Osric with his gentlemanly bearing, wore a black cashmere coat over a dark grey suit. This outfit accentuated his arrogant and distinguished air. Osric’s gaze was so intense that it was as if it penetrated through the flowers and the wood of the coffin to see Lambert’s dead and made-up face. The grey-white sky was a good backcloth for the dark browns and greens of the fir trees. Lambert knew to the end how to present a scene to get the maximum benefit. Even the weather was on his side, on the point of raining but holding off until the final act had been played. Yes, Lambert had been one of the best directors but now, no. It was all over for him, just like it was for any poor wretch. He had to be feeling very bad to find out that in the place wherever he was, that he was just one more. He had never learned that you can only direct and manipulate people in the theatre. He wanted to direct them in everything, even organizing their interviews with the papers and the magazines that adored him and were friendlier to him. Osric admitted that Lambert had been good, but that it was all over now. He was not as good as he had thought. Any kind of criticism or puff of wind coming from the opposite direction against his latest work, and Lambert became more like a hysterical woman than a mature man. His vanity didn’t allow him to have close-up photos in case the camera showed up the wrinkles and the rinsed hair. Osric was not criticising Lambert for having such whims, but he wanted him to understand that a great man isn’t made smaller because he has wrinkles or white hair. His complaint was that Lambert refused to see his own ageing and a camera would not be able to hide it.

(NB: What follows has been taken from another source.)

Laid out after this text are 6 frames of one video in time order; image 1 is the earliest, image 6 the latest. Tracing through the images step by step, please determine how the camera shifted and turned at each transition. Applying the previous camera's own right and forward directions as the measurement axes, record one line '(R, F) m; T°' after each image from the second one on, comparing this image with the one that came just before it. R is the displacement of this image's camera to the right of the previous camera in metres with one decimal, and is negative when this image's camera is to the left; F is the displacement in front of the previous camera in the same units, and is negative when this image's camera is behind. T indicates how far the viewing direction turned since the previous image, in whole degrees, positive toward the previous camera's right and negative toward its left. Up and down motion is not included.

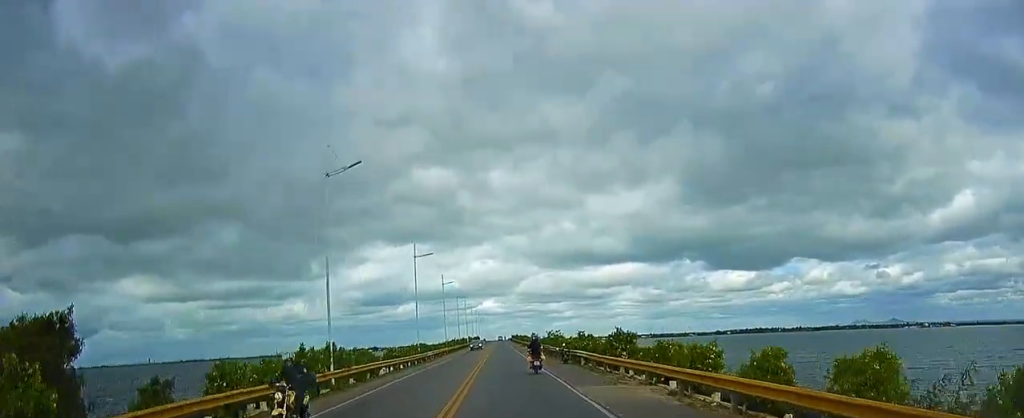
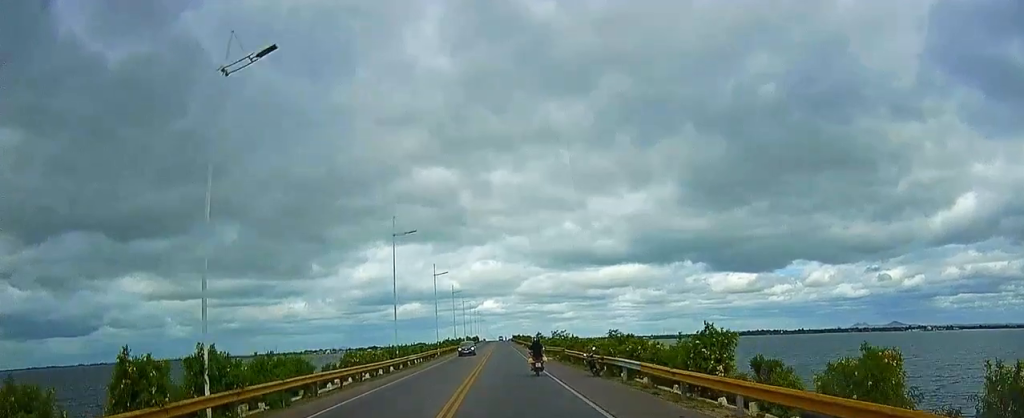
(-0.1, +12.2) m; 0°
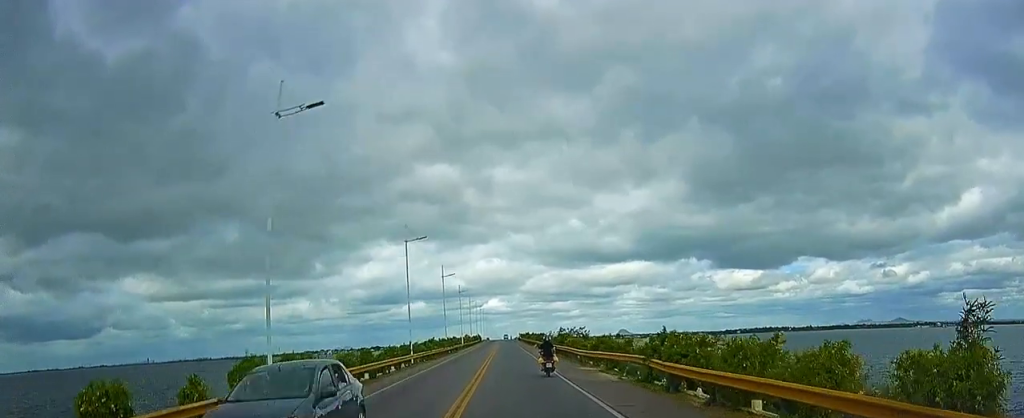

Lambert was furious because when he asked Osric his opinion about the wrinkles and Osric had replied that they were evident to everyone, he was offended and had insulted Osric. When the tour was finished, Osric knew that his life as a professional actor was no more. However, since the last meeting between Osric and Lambert, the former felt he was his own man. Osric made a good living as a publicity model on television. He realised that Lambert would never have been able to bear the idea of an actor made by him would one day appear in publicity and earn more money than when he was in the theatre " and be happy at the same time. Osric bent his head down as the priest continued praying.

 

Pearl looked at them one by one in turn. Tania and Osric. She paid no attention to Alan. Who were Tania and Osric? According to Lambert they were a pair of ungrateful people who had made fun of him, who had taken the best from him and then left him. Sometimes in the early mornings when he was still able to stand upright, Lambert had gone up to Pearl’s flat, or they would go for a drive in her car through the deserted streets so as to have a chat. Pearl listened and Lambert talked. And how he talked! Of how ungrateful people were, and the lack of confidence in him as a director after so many years. This was the decline of Lambert but he was incapable of seeing it. He was a hundred per cent egoist, he had it all. When Pearl could scarcely keep her eyes open he insisted on going to another place. There was nowhere open and Pearl told him so, but eventually they found one that was still open. It didn’t matter what the place was like as long as it was open. During the last months of his life Pearl felt sorry for him, but at the same time wanted to get him out of her life. One day he went to the club looking like a dead man and she told him so. He roared with laughter and said, “It’s a fact. I am dying.” Pearl had no answer.

Seeing the expression on her face Lambert continued, “I’ve got bone cancer and in a few weeks I shan’t be able to come here. Will you come to visit me at the hospital?”

Lambert had told her how he had suspected that something was wrong, but he had put off seeing about it till he had no alternative. He wasn’t prepared to be operated on, but he was willing to die. What Pearl couldn’t understand was the reason for the silence that reigned over Lambert’s illness. He had told her he wanted to surprise everyone. “I don’t want to give them the privilege of seeing me dying, nor to make publicity at my cost. So you and the priest are to be the only ones in the know. When the moment arrives you will be given certain instructions.”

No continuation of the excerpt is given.